Fluid Voice is described in a white paper as “a proximity based mobile group communication system for opportunistic social exchanges.” This makes one think of a mobile app for picking up members of the opposite sex. But being an academic project, I’m sure that’s not the point of it. So what is it? Lippman described Fluid Voice to me as a new type of messaging system that engages a group. He said that it’s like a telephone system that defaults to a conference call all of the time, which he termed “push to listen.” It has similarities to party-line telephone systems, instant messaging chat rooms and conferencing bridges for business people. It’s also like the Citizen’s Band (CB) radios used by truck drivers in the 1970s.
Fluid Voice can be both a live and asynchronous experience – i.e. you don’t need to be participating live to receive and leave messages. It isn’t just audio and text messaging either: audio polls and wish lists are a part of the product.

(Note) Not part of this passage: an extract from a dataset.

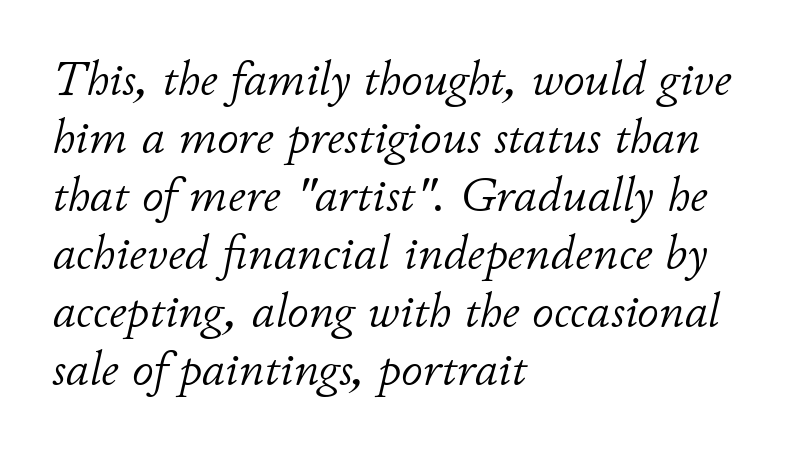
The image shows 48 px light type, italic (leaning right); set left-aligned, line spacing 1.21x, normal letter spacing, not underlined; low stroke contrast and a small x-height.

Here is a UI screenshot:
Fluid Voice Use Cases
The goal of Fluid Voice is to coordinate people in outdoor settings, using their mobile phones. According to a white paper, use cases include “spreading news during emergency responses and supporting impromptu social exchanges.”

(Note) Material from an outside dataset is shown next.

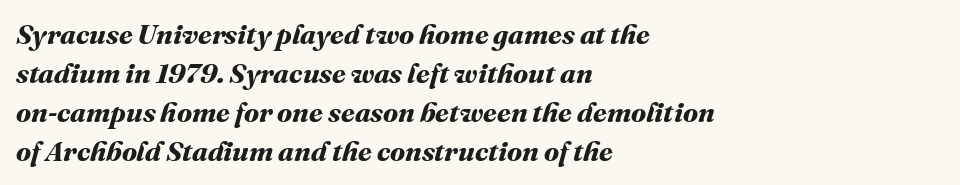
{"bold": "yes", "weight": "bold", "width": "normal", "stroke_contrast": "medium", "x_height": "medium", "monospaced": "no", "underline": "no", "align": "left", "line_spacing": "normal", "line_spacing_ratio": 1.39, "letter_spacing": "normal", "letter_spacing_em": 0.0, "glyph_px": 28}

The name of the product, Fluid Voice, derives from the fact that “users can transition from live to asynchronous audio communication in a fluid manner depending on the wireless environment.” To appreciate what this kind of system might be used to enable, here’s a description from the paper of how CB radio was used in the 70’s:
“CB radios enabled a cooperative social culture on the highways for friendly conversations in addition to providing road assistance and accident prevention among the drivers. As cell phones and multi-band WiFi enabled cell phones are becoming ubiquitous in the 21st century, an exciting opportunity arises for supporting opportunistic social collaboration within a local area.”

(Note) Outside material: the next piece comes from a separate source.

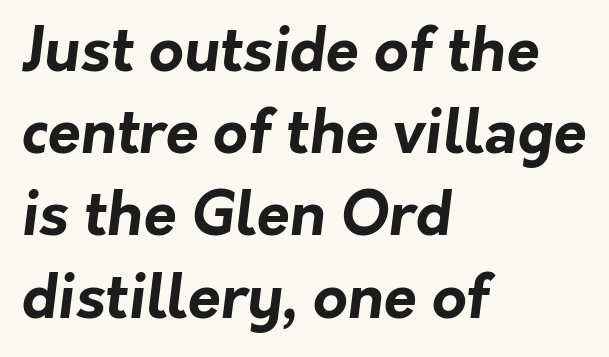
This rendering leaves character spacing at its baseline value. Chunky letters — that's bold for sure. Varying glyph widths throughout — classic text-font behaviour. The string is rendered with underlining switched off. Each new line begins a customary step beneath the previous one.
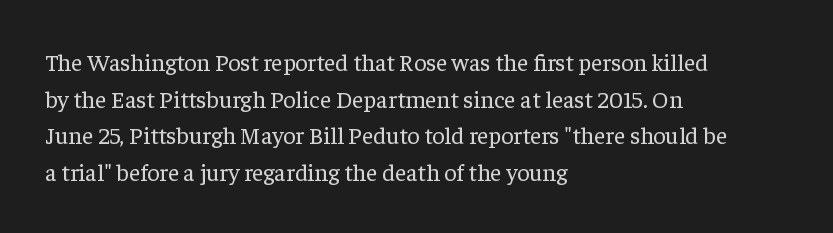
Standard letterfit; no display-style spreading of the glyphs. No chunkiness to these letters — they're not bold. This is roman type, the default non-slanted kind. Does the copy run flush right? No — it runs flush left.

One imagines that software like this may become a common feature in next generation mobile phones. I used the example of a sensor-enabled bookstore in this week’s post about Cross Reality applications – the store pinging your mobile phone about a book on your wish list that it happens to have in stock. We can similarly forsee that Fluid Voice, on your mobile phone, could be used to meet like-minded people at the bookstore. You could even continue to chat with that group after you left the bookstore.
Social networking 3.0 anyone? Breaker 1-9!